> Try it
Because the pictures are not wanted, reproduce the rest of the records below exactly as they stand.

> Provided data
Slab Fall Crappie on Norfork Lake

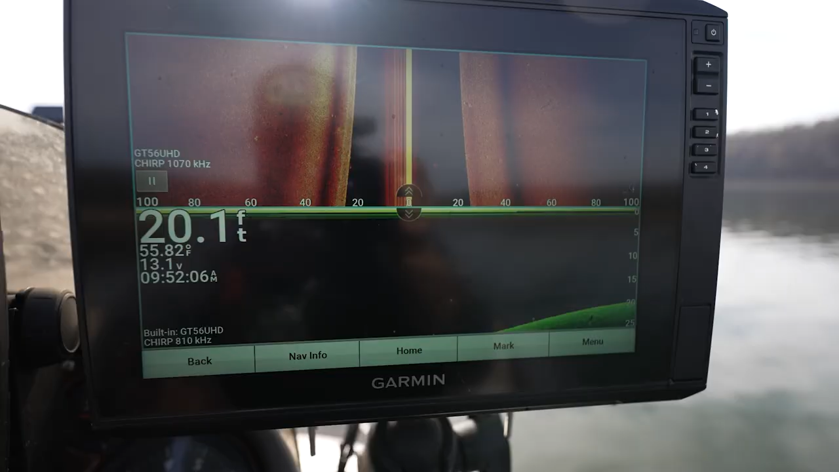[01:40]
On screen: depth 20.1 ft, water 55.82°F
of a flat top area that we're at right now I've got it set out a hundred feet and so when we're going down through here I'm seeing
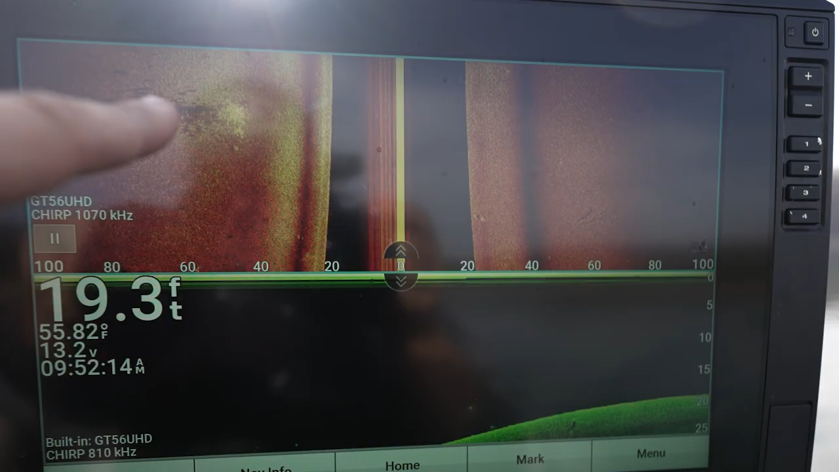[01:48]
On screen: depth 19.3 ft, water 55.82°F
all the way out a
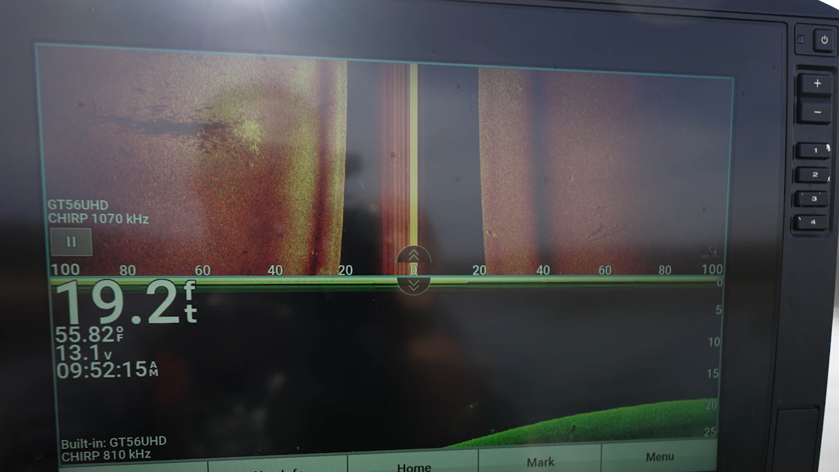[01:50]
On screen: depth 19.2 ft, water 55.82°F
hundred feet both sides and then I'm looking for brush in these areas pulling around maybe I sometimes I
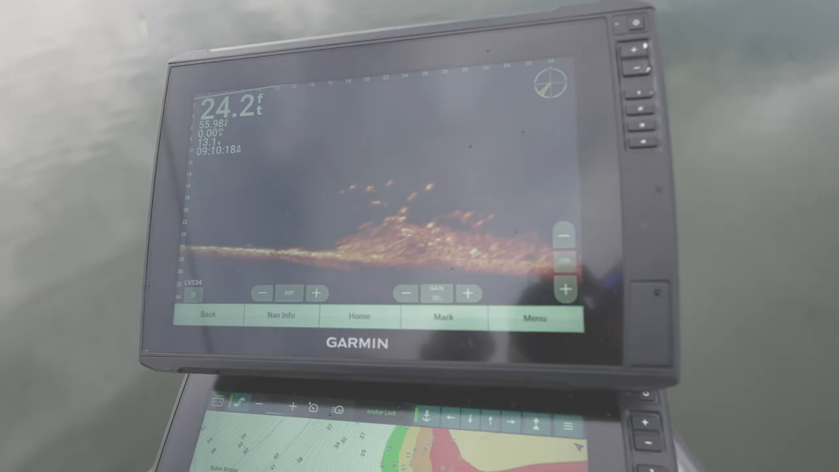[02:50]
guys you can see that we have found a pile of fish here we're going to cast in there and see if we can get one to bite
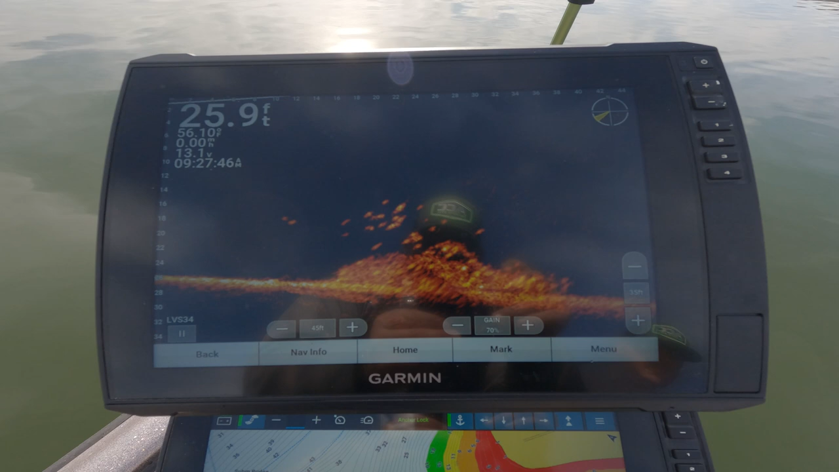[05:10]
On screen: depth 25.9 ft
here here comes one keep coming boom
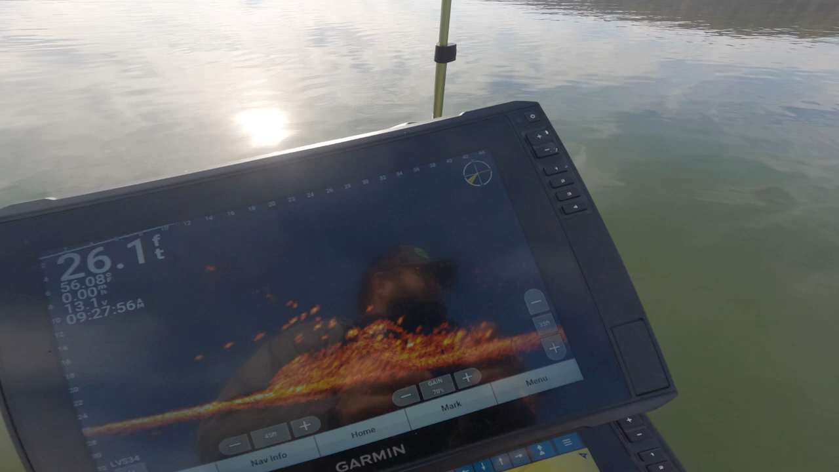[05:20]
On screen: depth 26.1 ft
seen him guiding boys come up there of course justin would catch the dinks
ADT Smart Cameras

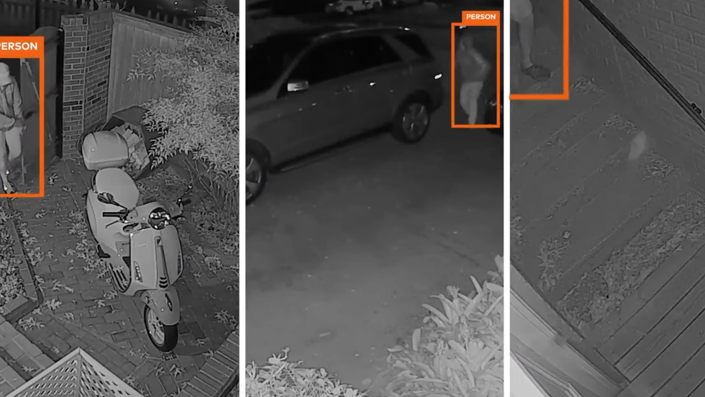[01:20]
This works in conjunction with the smart analytics
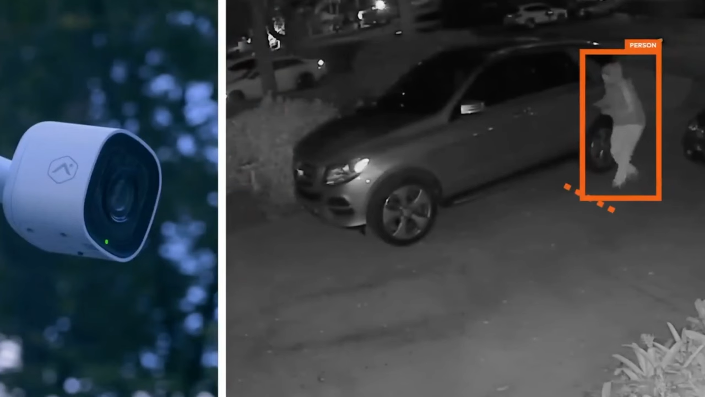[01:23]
and can be set so that when someone steps foot on your property, the camera emits a loud whistle and red LED lights on the outside of the camera flash on and off to let intruders know they are being recorded. This acts as a massive deterrent to any criminals and it's like having a burglar alarm outside your home.
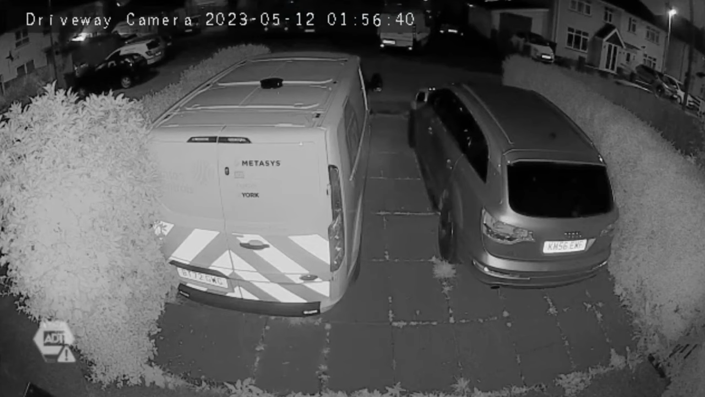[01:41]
Here you can see it working in a real situation where the camera deterred someone from breaking into a van. The cameras work over Wi-Fi so no cables are needed to run around the outside of your home. However, unlike other Wi-Fi cameras on the market, ADT smart cameras keep recording even if your Wi-Fi goes down because the footage is stored on the micro SD card within the camera.
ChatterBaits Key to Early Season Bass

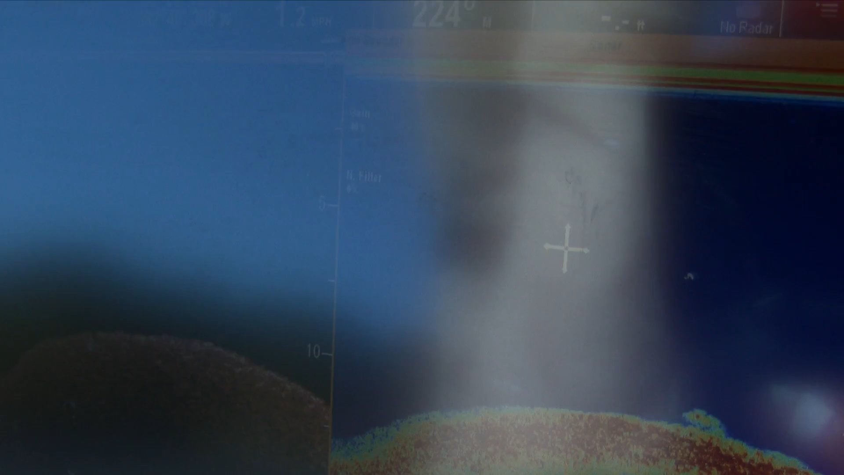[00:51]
While exploring the area, his electronics reveal a large school of baitfish holding on one of the points.
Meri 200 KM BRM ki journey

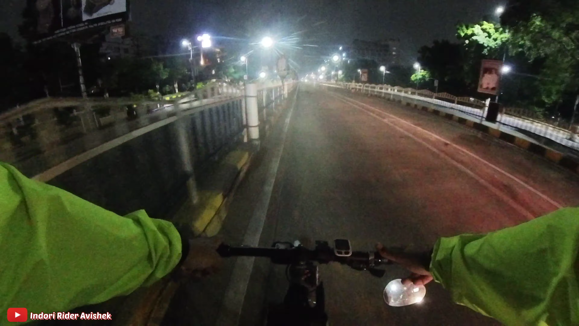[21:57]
शालू किया था साइड में हो जाता है एंबुलेंस आई है चलिए अब चलते आगे हाँ हाँ हाँ और बिट तक आ गया अपन यह भी हम

> Solution for this task
Slab Fall Crappie on Norfork Lake

[01:40]
On screen: depth 20.1 ft, water 55.82°F
of a flat top area that we're at right now I've got it set out a hundred feet and so when we're going down through here I'm seeing
[01:48]
On screen: depth 19.3 ft, water 55.82°F
all the way out a
[01:50]
On screen: depth 19.2 ft, water 55.82°F
hundred feet both sides and then I'm looking for brush in these areas pulling around maybe I sometimes I
[02:50]
guys you can see that we have found a pile of fish here we're going to cast in there and see if we can get one to bite
[05:10]
On screen: depth 25.9 ft
here here comes one keep coming boom
[05:20]
On screen: depth 26.1 ft
seen him guiding boys come up there of course justin would catch the dinks
ADT Smart Cameras

[01:20]
This works in conjunction with the smart analytics
[01:23]
and can be set so that when someone steps foot on your property, the camera emits a loud whistle and red LED lights on the outside of the camera flash on and off to let intruders know they are being recorded. This acts as a massive deterrent to any criminals and it's like having a burglar alarm outside your home.
[01:41]
Here you can see it working in a real situation where the camera deterred someone from breaking into a van. The cameras work over Wi-Fi so no cables are needed to run around the outside of your home. However, unlike other Wi-Fi cameras on the market, ADT smart cameras keep recording even if your Wi-Fi goes down because the footage is stored on the micro SD card within the camera.
ChatterBaits Key to Early Season Bass

[00:51]
While exploring the area, his electronics reveal a large school of baitfish holding on one of the points.
Meri 200 KM BRM ki journey

[21:57]
शालू किया था साइड में हो जाता है एंबुलेंस आई है चलिए अब चलते आगे हाँ हाँ हाँ और बिट तक आ गया अपन यह भी हम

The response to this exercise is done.